# [REQUIREMENT]
Nothing in the data is to be left out; copy it exactly.

══════════

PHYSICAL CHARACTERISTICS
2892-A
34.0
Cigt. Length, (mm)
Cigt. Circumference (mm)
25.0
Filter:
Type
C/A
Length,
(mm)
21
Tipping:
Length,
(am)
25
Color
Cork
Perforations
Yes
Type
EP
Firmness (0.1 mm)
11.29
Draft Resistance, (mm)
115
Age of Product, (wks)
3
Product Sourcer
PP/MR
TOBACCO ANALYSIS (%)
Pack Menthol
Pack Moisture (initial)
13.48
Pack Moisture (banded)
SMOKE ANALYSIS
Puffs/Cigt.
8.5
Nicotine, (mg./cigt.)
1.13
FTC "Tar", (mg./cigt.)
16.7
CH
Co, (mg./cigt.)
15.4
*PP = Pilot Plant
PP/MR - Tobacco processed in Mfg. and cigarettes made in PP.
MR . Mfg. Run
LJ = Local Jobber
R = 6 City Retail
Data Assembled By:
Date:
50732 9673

══════════

# [EXERCISE RESPONSE]
PHYSICAL CHARACTERISTICS
2892-A
34.0
Cigt. Length, (mm)
Cigt. Circumference (mm)
25.0
Filter:
Type
C/A
Length,
(mm)
21
Tipping:
Length,
(am)
25
Color
Cork
Perforations
Yes
Type
EP
Firmness (0.1 mm)
11.29
Draft Resistance, (mm)
115
Age of Product, (wks)
3
Product Sourcer
PP/MR
TOBACCO ANALYSIS (%)
Pack Menthol
Pack Moisture (initial)
13.48
Pack Moisture (banded)
SMOKE ANALYSIS
Puffs/Cigt.
8.5
Nicotine, (mg./cigt.)
1.13
FTC "Tar", (mg./cigt.)
16.7
CH
Co, (mg./cigt.)
15.4
*PP = Pilot Plant
PP/MR - Tobacco processed in Mfg. and cigarettes made in PP.
MR . Mfg. Run
LJ = Local Jobber
R = 6 City Retail
Data Assembled By:
Date:
50732 9673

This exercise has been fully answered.